Tuesday, December 30, 2014

in animals



Though the Senses know not from what Places or Parts, Cold comes, or what it Causes, yet they know that we have here at this time Cold with all its Potent Strength, as an Army of Flakes of Snow, with Ammunition of Hail for Bullets and Wind for Powder, also huge Ships of Ice, which Float in the Main Sea, and stop up all the Narrow Rivers; also Cold and its Army Shooting forth the Piercing Darts, which fly so Thick and Fast, and are so Sharp, as they enter into every Pore of the Flesh of all Animal Creatures, whereby many Animals are Wounded with Numbness and Die Insensibly although Mankind bring what strength they can get against Cold, as an Army of Furs, where every Hair stands out like a Squadron of Pikes, to resist Cold's Assault; and Ammunition of Coals serves for Bullets, and Ashes for Powder, with great Loggs for Cannons, Billets for Muskets and Carbines, Brush. Faggots for Pistols, where the Bellows as Firelocks, makes them fly up in a Flame; also great Pieces of Beef for Ships for Men of War, with Cabbages for Sails, Sausages for Tacklings, Carrots for Guns, and Marrow-Bones for Masts, Ballasted with Pepper, and Pitch'd or Tarr'd with Mustard, the Card and Needle being Brewis* and Neat's Tongues, the Steers-men Cooks, besides many Pinnaces of Pork, Mutton, and Veal, and Flying Boats, which are Turkies, Capons, Geese, and the like, all which Swim in a Large Sea of Wine, Beer, and Ale, yet for all this we are Beaten into the Chimney-corner, and there we sit Shaking and Trembling like a Company of Cowards, that dare not stir from their Shelter; and many in the Sea-fight have been Drowned, from whence some have been taken up Dead-Drunk, then carried and Buried in a Feather-bed, where, after a Long Sleep, they may have a Resurrection, but how they will be Judged at that time they Rise, whether Damned with Censure or Saved by Excuse, I cannot tell.
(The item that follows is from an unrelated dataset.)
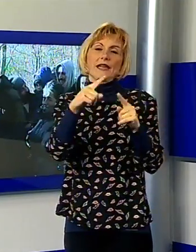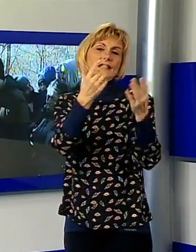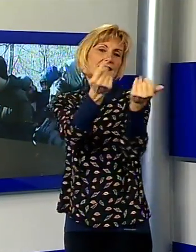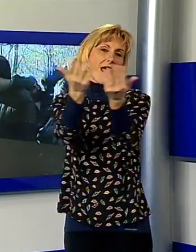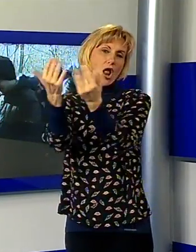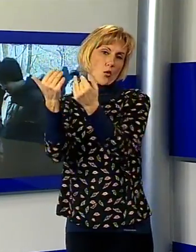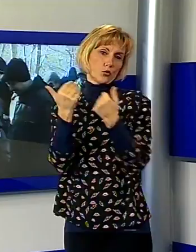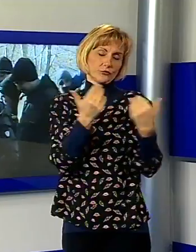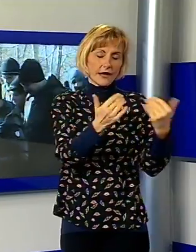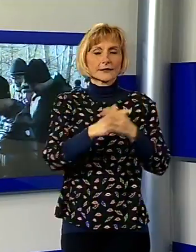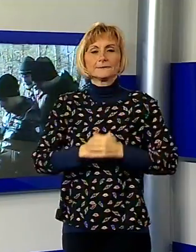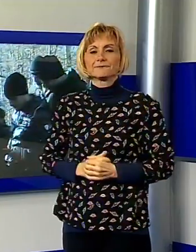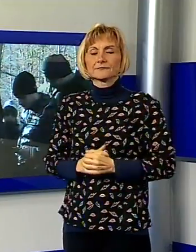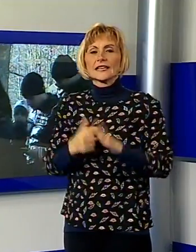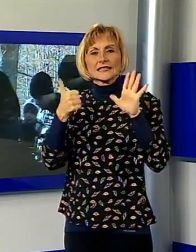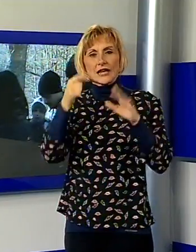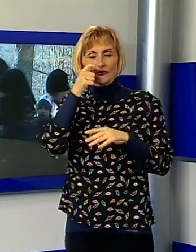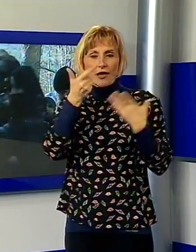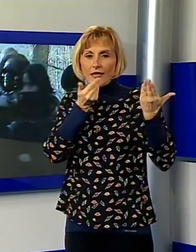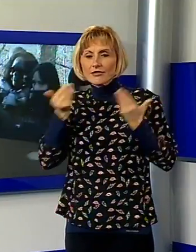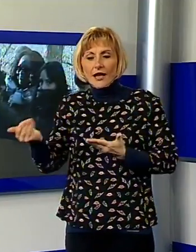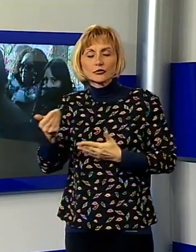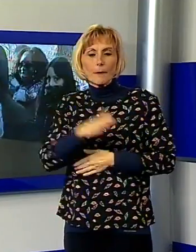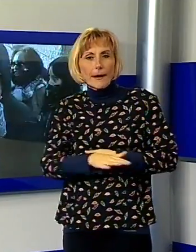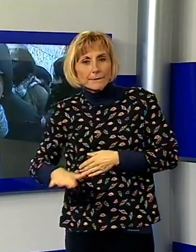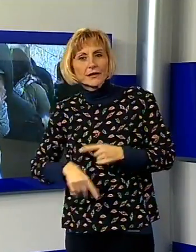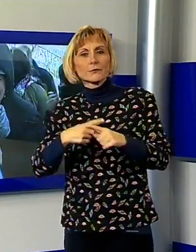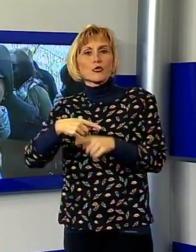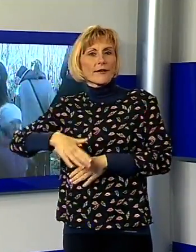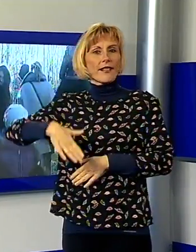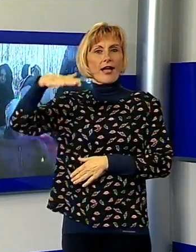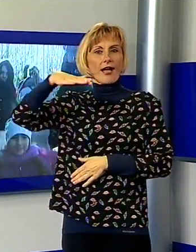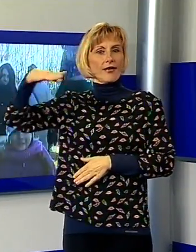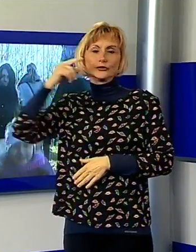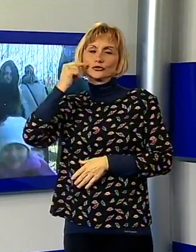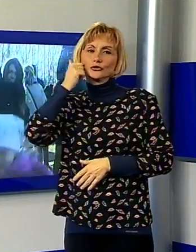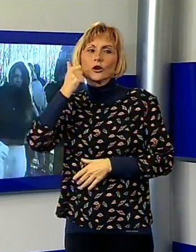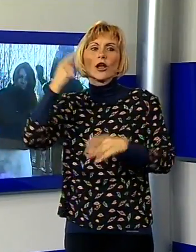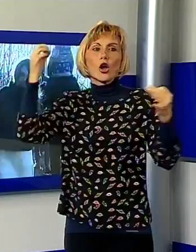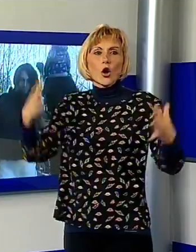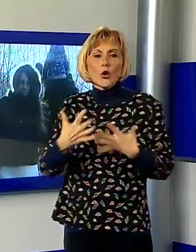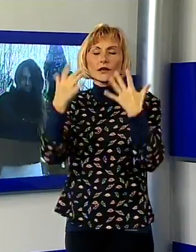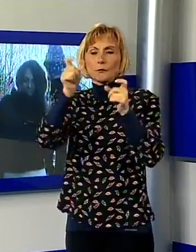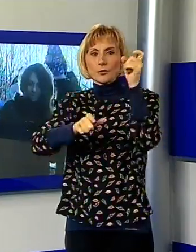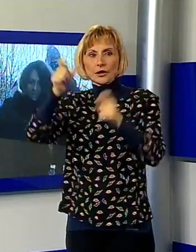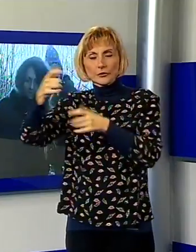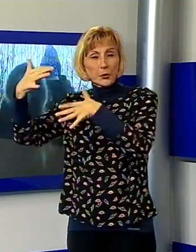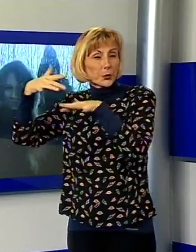gennaio ha accolto grandi e piccini per un ultimo speciale incontro e da Pegnana per l'occasione sono saliti centinaia di bambini e genitori,
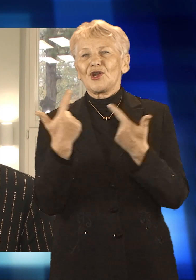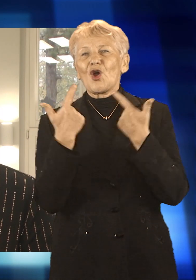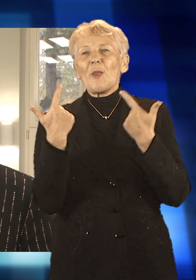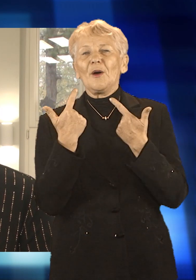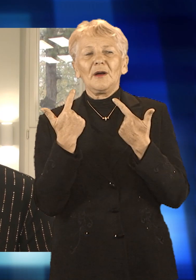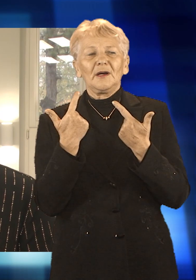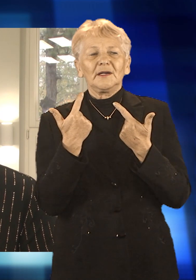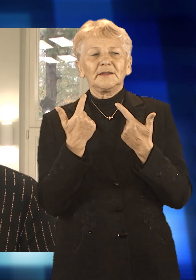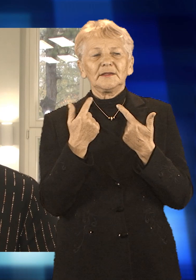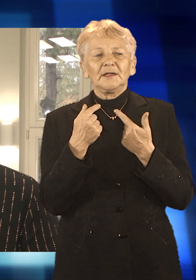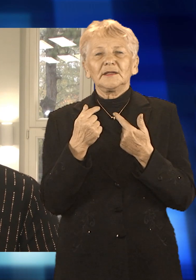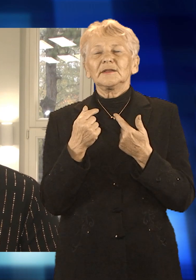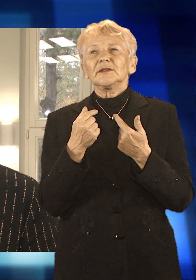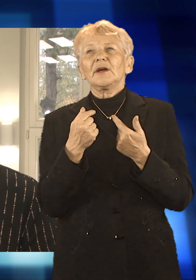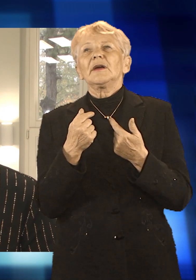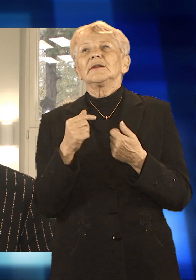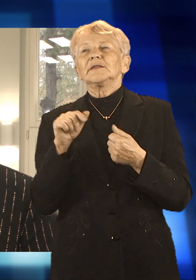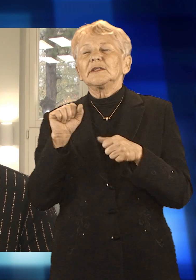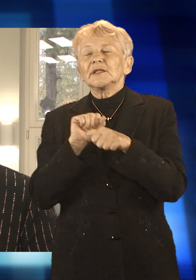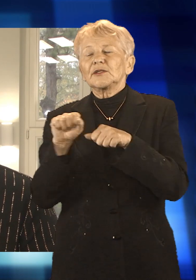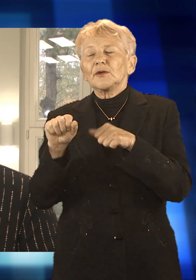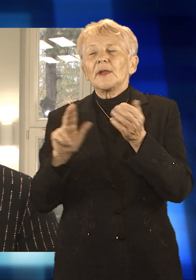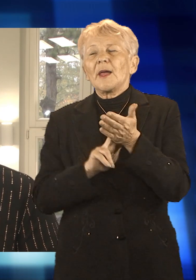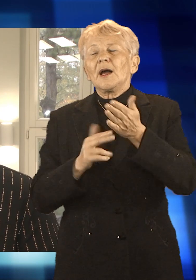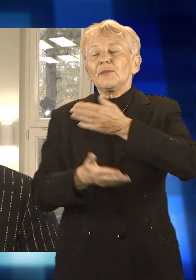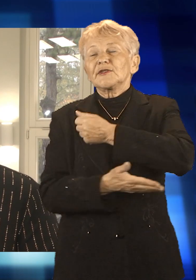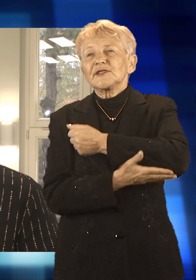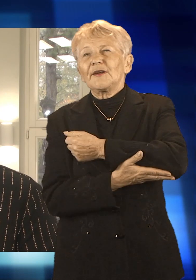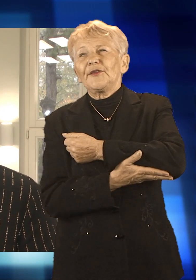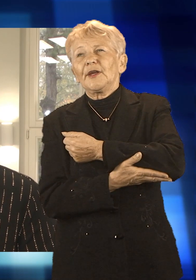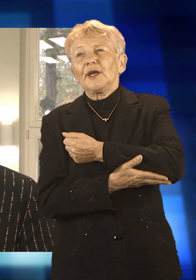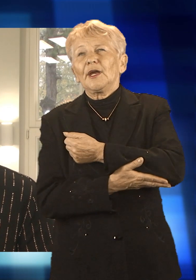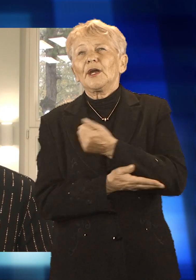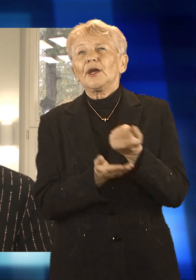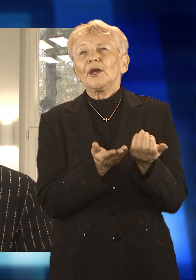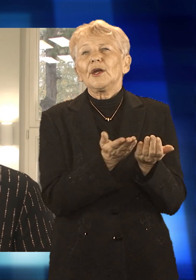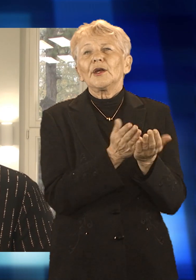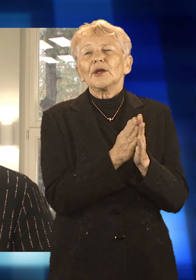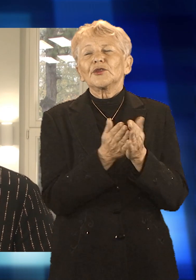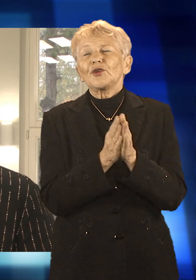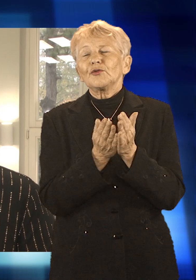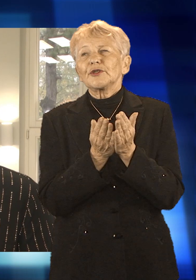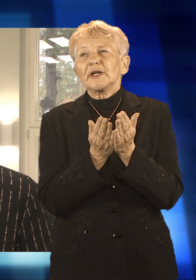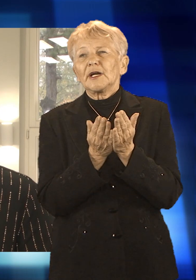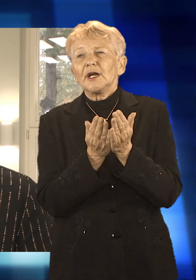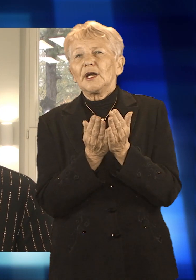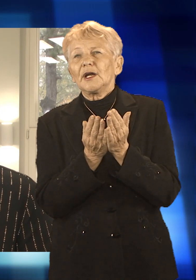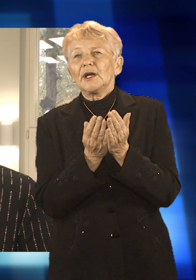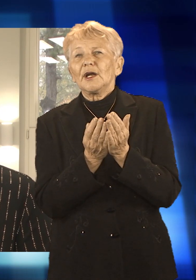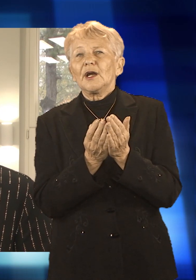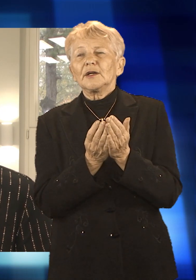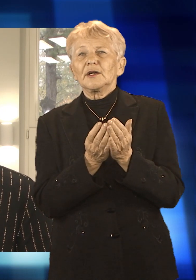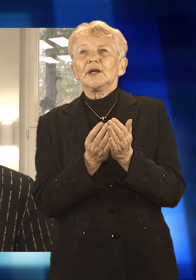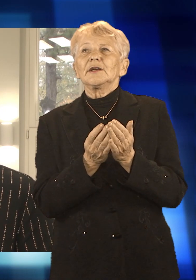Pod koniec listopada będziemy otwierać tę wystawę, więc cały grudzień będzie można oglądać prace rysunkowe,
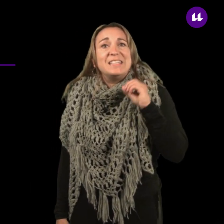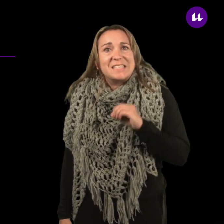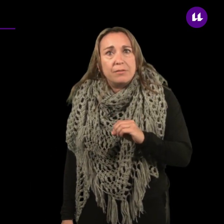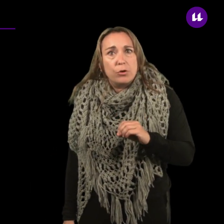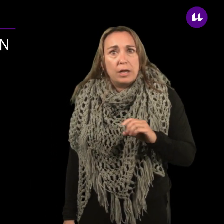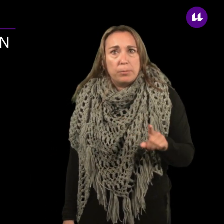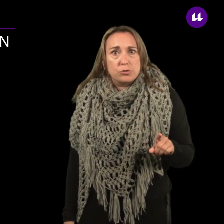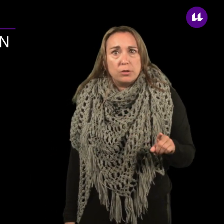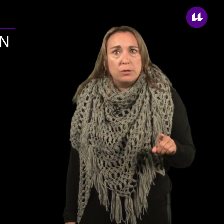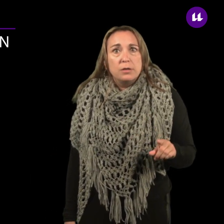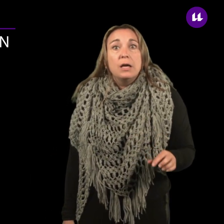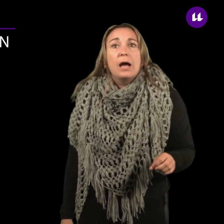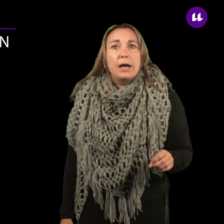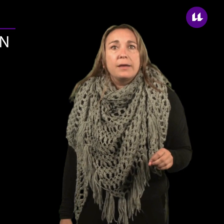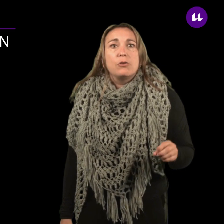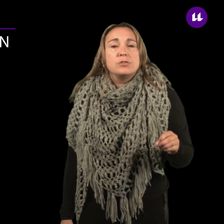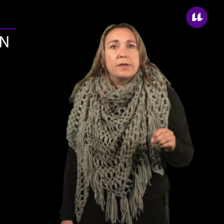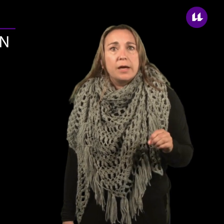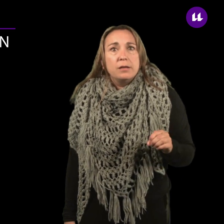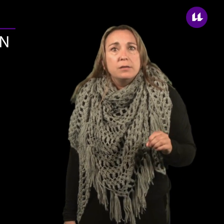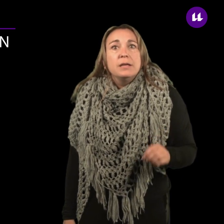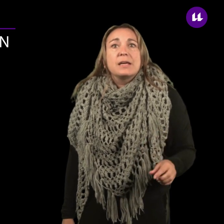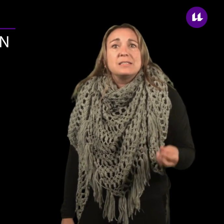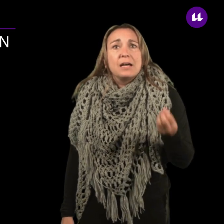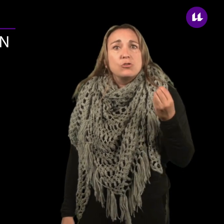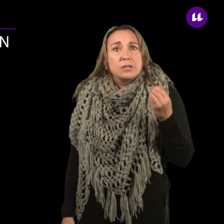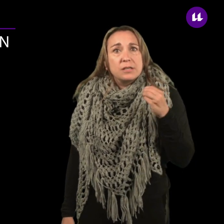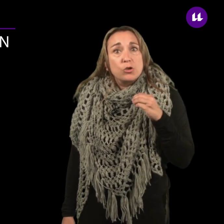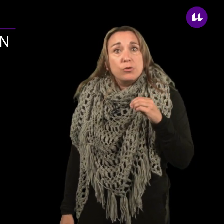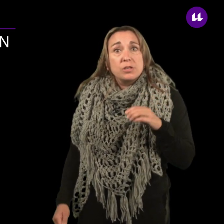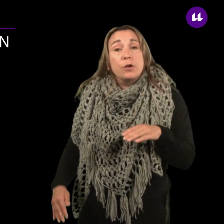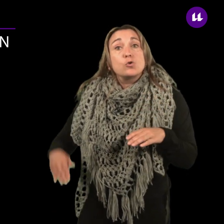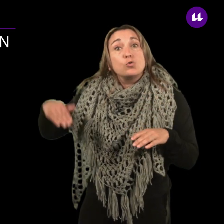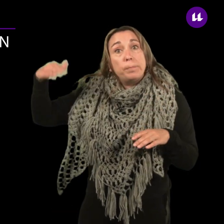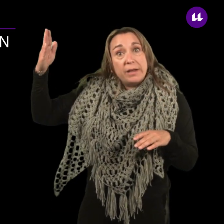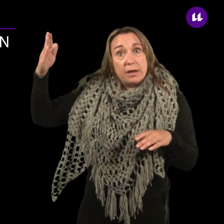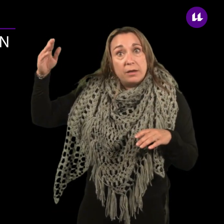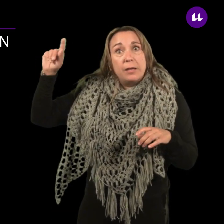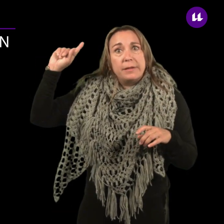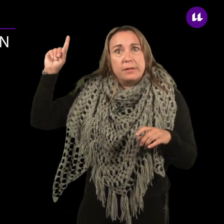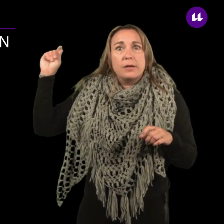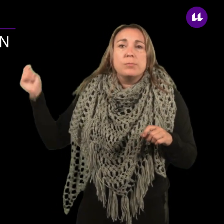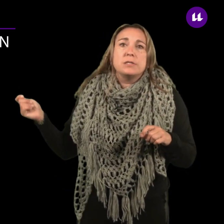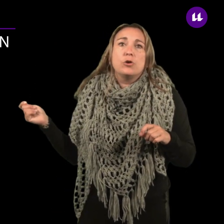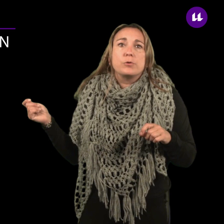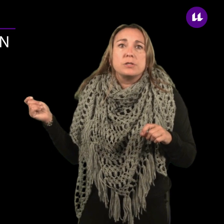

(Margaret Cavendish, Sociable Letters (1664))



So slight
that in animals and limbs
- what more that in reputation and disrepute -
like a worm and trampled down
and like me
              and soon
burnedthrough
So slight
             and as all
so slight and
                perishable

(Gunnar Björling, from You Go the Words, tr Fredrik Hertzberg (2007). The dates I'm giving for translated works are the dates of the published translations, not the originals. This long poem was completed in Swedish in 1955. I read You Go just after or before Inger Christensen's Alphabet and was surprised a little bit later when Christensen cropped up at Biblibio and Wuthering Expectations. She is not a household name in the English-writing world but there she was anyway, like a sprig of mushroom in the grass.)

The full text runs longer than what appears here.